Die ersten Plätze haben sich da schon geleert. Nur wenige Minuten zuvor hatte der Fachmann noch mit einem verbalen Schlag gegen die Reichsbürger aufgewartet. „Da ist dieser Glaube, die Bundesrepublik Deutschland existiere gar nicht. Das alles ist völliger Unsinn.“ Dass das Thema Reichsbürger etliche im Saal beschäftigt, zeigt sich in der anschließenden Fragerunde. Werner Patzelt nimmt sich die Zeit, erklärt ausführlich, warum Deutschland kein Unternehmen ist und warum es bis heute keine Abstimmung übers Grundgesetz durch das Volk gegeben hat.

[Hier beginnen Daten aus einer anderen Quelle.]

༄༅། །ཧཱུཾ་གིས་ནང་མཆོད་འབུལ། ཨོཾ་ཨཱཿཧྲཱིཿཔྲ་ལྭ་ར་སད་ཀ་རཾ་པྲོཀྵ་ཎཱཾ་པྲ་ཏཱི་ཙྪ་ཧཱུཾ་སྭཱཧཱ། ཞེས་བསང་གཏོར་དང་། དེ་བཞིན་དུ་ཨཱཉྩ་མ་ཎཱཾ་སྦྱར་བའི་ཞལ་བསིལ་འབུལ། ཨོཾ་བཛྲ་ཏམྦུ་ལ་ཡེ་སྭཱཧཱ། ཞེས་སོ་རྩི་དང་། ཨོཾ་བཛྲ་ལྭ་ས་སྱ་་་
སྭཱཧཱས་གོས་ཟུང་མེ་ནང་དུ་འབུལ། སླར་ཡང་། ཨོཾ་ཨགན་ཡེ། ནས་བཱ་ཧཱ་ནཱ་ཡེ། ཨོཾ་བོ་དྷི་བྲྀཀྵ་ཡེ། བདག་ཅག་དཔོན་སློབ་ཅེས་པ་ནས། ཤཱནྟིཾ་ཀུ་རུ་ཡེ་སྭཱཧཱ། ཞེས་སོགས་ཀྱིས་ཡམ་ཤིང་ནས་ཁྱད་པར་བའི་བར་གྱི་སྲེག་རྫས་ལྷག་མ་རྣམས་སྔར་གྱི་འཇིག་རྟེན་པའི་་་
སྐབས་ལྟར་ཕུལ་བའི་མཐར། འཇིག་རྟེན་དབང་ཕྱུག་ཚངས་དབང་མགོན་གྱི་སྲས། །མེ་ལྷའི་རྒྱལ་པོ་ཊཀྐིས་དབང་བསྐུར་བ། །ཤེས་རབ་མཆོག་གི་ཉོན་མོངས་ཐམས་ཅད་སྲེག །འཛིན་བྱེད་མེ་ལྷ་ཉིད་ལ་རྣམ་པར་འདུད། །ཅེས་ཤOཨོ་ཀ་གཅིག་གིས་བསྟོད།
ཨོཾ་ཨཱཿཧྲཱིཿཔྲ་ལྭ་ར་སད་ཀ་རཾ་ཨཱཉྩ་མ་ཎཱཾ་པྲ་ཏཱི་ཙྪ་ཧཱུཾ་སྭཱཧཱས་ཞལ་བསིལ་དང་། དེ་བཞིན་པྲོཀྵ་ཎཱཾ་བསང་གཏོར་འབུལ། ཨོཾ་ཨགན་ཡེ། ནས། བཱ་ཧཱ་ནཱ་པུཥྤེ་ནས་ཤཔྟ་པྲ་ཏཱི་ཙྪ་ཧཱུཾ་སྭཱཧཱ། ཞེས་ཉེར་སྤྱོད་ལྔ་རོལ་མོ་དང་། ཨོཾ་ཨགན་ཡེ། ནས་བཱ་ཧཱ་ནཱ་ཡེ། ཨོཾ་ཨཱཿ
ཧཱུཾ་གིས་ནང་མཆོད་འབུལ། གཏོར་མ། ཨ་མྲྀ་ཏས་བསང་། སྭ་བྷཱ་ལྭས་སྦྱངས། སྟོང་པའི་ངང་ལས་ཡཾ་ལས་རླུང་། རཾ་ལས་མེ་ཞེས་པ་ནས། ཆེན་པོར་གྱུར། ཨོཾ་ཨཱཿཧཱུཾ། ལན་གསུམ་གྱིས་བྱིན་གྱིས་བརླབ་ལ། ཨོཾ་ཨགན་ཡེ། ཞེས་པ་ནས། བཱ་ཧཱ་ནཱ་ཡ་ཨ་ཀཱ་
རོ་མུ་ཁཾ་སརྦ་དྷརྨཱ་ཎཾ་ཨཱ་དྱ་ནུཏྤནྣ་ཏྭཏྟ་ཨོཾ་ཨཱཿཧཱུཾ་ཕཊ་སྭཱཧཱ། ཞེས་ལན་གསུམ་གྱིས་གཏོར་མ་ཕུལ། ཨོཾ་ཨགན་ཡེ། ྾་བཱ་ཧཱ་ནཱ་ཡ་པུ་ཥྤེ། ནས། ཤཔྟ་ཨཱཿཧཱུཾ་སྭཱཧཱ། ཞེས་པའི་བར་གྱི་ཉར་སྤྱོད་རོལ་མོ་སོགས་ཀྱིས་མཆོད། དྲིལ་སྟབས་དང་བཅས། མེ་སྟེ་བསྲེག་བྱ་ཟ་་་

Moderiert wird die Fragerunde von Katrin Ziske. Als sich die Frau vorstellt, gibt es wohlwollenden Applaus. Katrin Ziske ist vom Magazin Compact, moderiert dort die monatliche Sendung, die der Verlag im Internet verbreitet. Compact gilt als wichtiges Sprachrohr von AfD und Pegida.

Podiumsdiskussion ist entfallen

Offenbar war der Bautzener Auftritt von Werner Patzelt zunächst anders geplant. Die Bürgerbewegung hatte ursprünglich eine Podiumsdiskussion mit ihm angekündigt. Als weitere Diskutanten waren nach SZ-Informationen unter anderem Vertreter aus dem Rathaus und vom Bautzener Willkommensverein angedacht. Alexander Ahrens ist am Donnerstag zwar als Gast vor Ort, hört aber nur den Vortrag von Werner Patzelt und verschwindet, als die Fragestunde beginnt.

Inmitten der Fragerunde schickt sich indes ein weiterer Besucher an zu gehen. „Ich gehe jetzt nach Hause, und ich rate Ihnen, Sie sollten auch bald Ihren Hut nehmen“, ruft der Mann in Richtung Podium. Professor Werner Patzelt bleibt sitzen, während der Reinrufer tatsächlich den Saal verlässt. Auch ein klares Zeugnis der eingangs erwähnten Zivilcourage.